**TASK TO CARRY OUT**
Every record below is to be restated verbatim, though its images are not.

Source data
^^^^^^^^^^^^^^^^
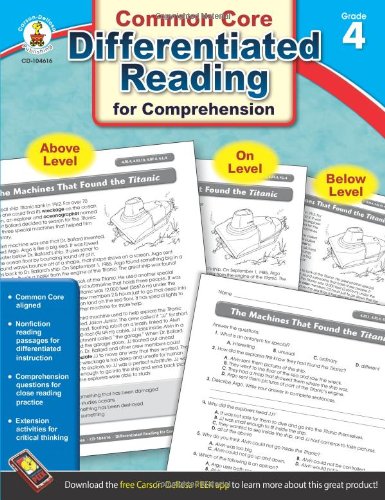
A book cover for Differentiated Reading for Comprehension, Grade 4; Reference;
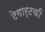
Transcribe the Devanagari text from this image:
टेगार्टकी
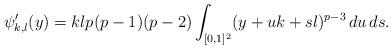
LaTeX: \begin{align*}\psi'_{k,l}(y)= klp(p-1)(p-2) \int_{[0,1]^2} (y+uk+sl)^{p-3}\,du\,ds.\end{align*}
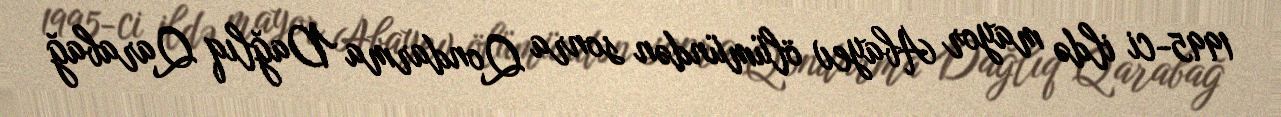
1995-ci ildə mayor Abayev ölümündən sonra Qondarma Dağlıq Qarabağ
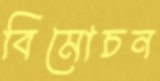
বিমোচন
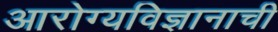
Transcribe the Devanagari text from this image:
आरोग्यविज्ञानाची
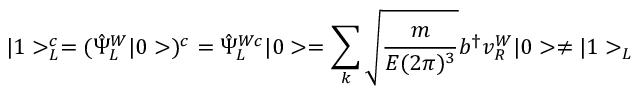
| 1 > _ { L } ^ { c } = ( \hat { \Psi } _ { L } ^ { W } | 0 > ) ^ { c } = \hat { \Psi } _ { L } ^ { W c } | 0 > = \sum _ { k } \sqrt { \frac { m } { E ( 2 \pi ) ^ { 3 } } } b ^ { \dagger } v _ { R } ^ { W } | 0 > \neq | 1 > _ { L }
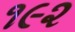
૧૯૨
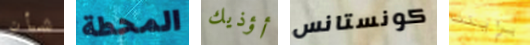
شأن المحطة أؤذيك كونستانس براينت
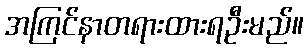
အကြင်နာတရားထားရဦးမည်။
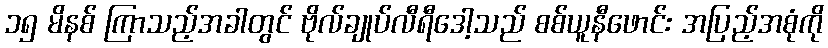
၁၅ မိနစ် ကြာသည့်အခါတွင် ဗိုလ်ချုပ်လီရီဒေါ့သည် စစ်ယူနီဖောင်း အပြည့်အစုံကို
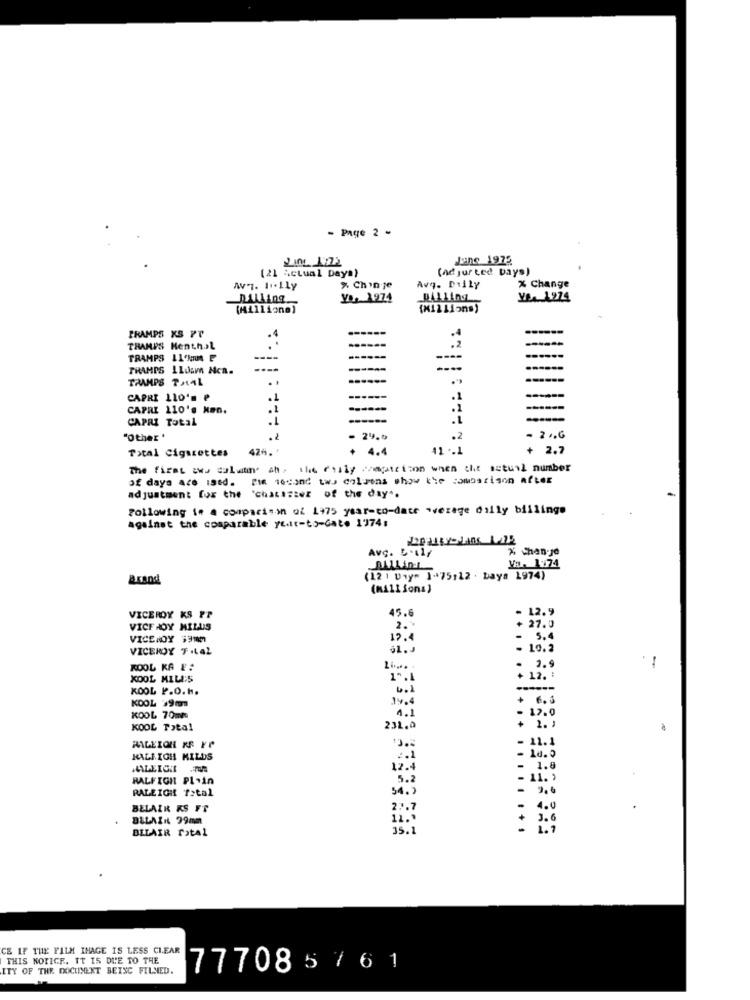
^^^^^^^^^^^^^^^^
**ANSWER FOR THE TASK**
A book cover for Differentiated Reading for Comprehension, Grade 4; Reference;
Transcribe the Devanagari text from this image:
टेगार्टकी
LaTeX: \begin{align*}\psi'_{k,l}(y)= klp(p-1)(p-2) \int_{[0,1]^2} (y+uk+sl)^{p-3}\,du\,ds.\end{align*}
1995-ci ildə mayor Abayev ölümündən sonra Qondarma Dağlıq Qarabağ
বিমোচন
Transcribe the Devanagari text from this image:
आरोग्यविज्ञानाची
| 1 > _ { L } ^ { c } = ( \hat { \Psi } _ { L } ^ { W } | 0 > ) ^ { c } = \hat { \Psi } _ { L } ^ { W c } | 0 > = \sum _ { k } \sqrt { \frac { m } { E ( 2 \pi ) ^ { 3 } } } b ^ { \dagger } v _ { R } ^ { W } | 0 > \neq | 1 > _ { L }
૧૯૨
شأن المحطة أؤذيك كونستانس براينت
အကြင်နာတရားထားရဦးမည်။
၁၅ မိနစ် ကြာသည့်အခါတွင် ဗိုလ်ချုပ်လီရီဒေါ့သည် စစ်ယူနီဖောင်း အပြည့်အစုံကို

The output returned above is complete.